Un plan social pour les 235 salariés de l'usine Biomet au Locle

C'est un soulagement pour les 230 salariés de l'usine Biomet au Locle (NE), qui fermera ses portes en juin 2014: ils ont finalement obtenu un plan social collectif. Les employés et la direction américaine du groupe de techniques médicales y ont donné leur aval officiellement jeudi.

De nombreuses séances de travail ont été nécessaires. Elles ont abouti à un accord qui n'est "ni une 2 CV, ni une Rolls Royce", a dit à l'ATS Catherine Laubscher, secrétaire régionale d'Unia.

Certaines revendications des salariés allaient plus loin que le résultat final. Mais les demandes les plus importantes ont été satisfaites. Le plan social a été plébiscité lors du vote du personnel, auquel les employés ont participé en nombre.
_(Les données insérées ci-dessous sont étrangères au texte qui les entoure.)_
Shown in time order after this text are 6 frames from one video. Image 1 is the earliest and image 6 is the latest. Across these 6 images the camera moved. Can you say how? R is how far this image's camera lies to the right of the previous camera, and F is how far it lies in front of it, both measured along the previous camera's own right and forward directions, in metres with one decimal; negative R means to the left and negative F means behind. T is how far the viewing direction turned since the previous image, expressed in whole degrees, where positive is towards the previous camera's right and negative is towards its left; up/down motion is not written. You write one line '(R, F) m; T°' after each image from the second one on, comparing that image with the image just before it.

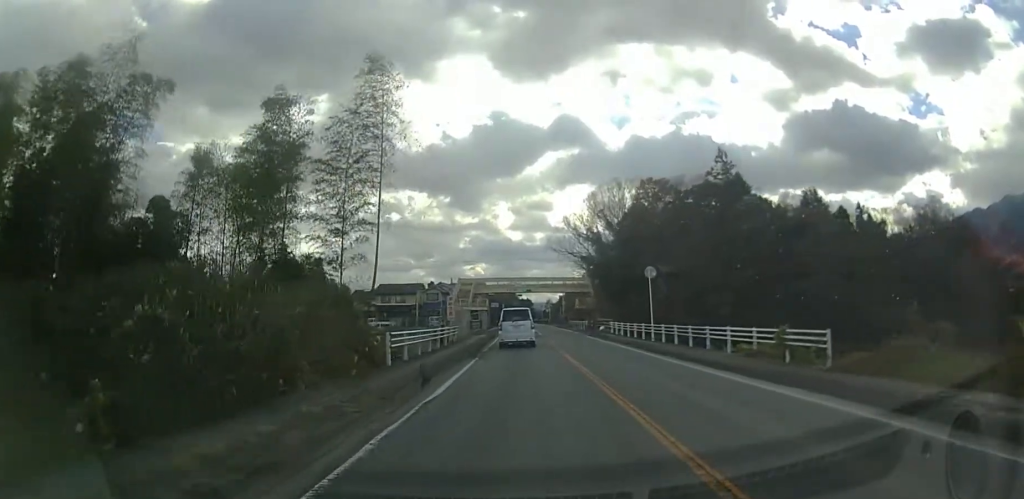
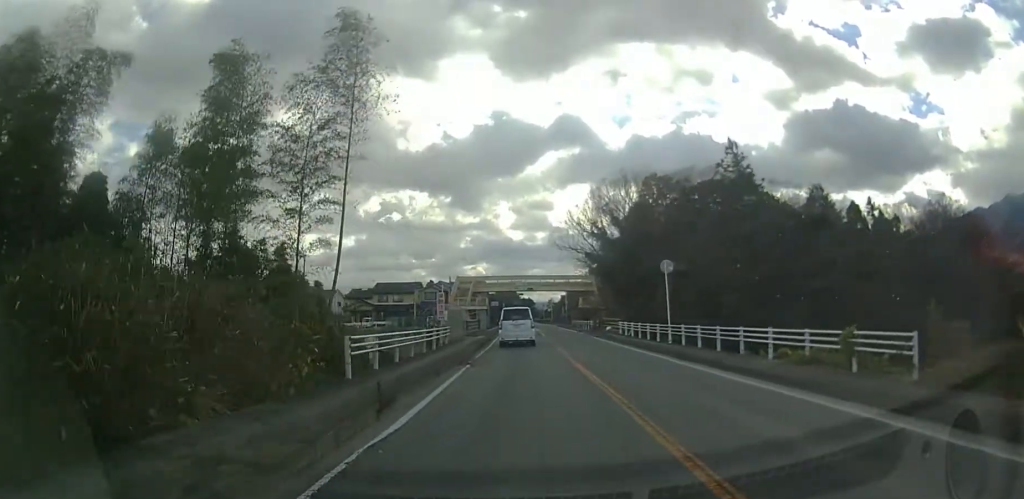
(0.0, +2.7) m; 0°
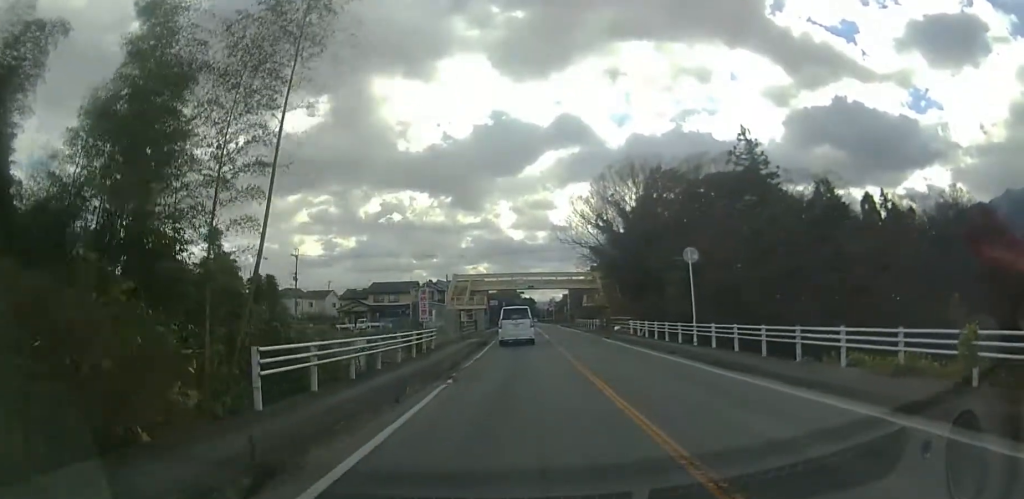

Rappelons que la société voulait initialement faire signer aux salariés des résiliations individuelles, et que selon ces documents, ils ne devaient toucher des indemnités de départ que s’ils s’engageaient à rester jusqu’à la fin de l'activité de l'usine.

Office de conciliation efficace

Fin juillet, après l'annonce de fermeture par la direction, c'était l'impasse. Unia et la délégation des travailleurs avaient alors saisi l'Office cantonal neuchâtelois de conciliation en matière de conflits collectifs de travail. Celui-ci a convaincu l'entreprise de jouer le jeu du partenariat social et de se remettre à la table des négociations, explique Mme Laubscher.

Cette fois, le plan social prévoit des indemnités pour toutes les personnes qui étaient sous contrat mi-juillet dernier. Les montants varient en fonction de l'âge, de l'ancienneté et de la charge d'enfants.

20 départs

Pour l'heure, une vingtaine des 230 employés fixes de Biomet ont trouvé un poste ailleurs. Une dizaine d'entre eux sont déjà partis, l'autre dizaine est encore au sein de l'entreprise pour l'heure.

A noter que la piste d'une éventuelle reprise d'une partie du site par les cadres est toujours d'actualité. Pour l'instant, elle est toujours en discussion, comme l'a confirmé à l'ATS le directeur de l'usine Denis Leissing.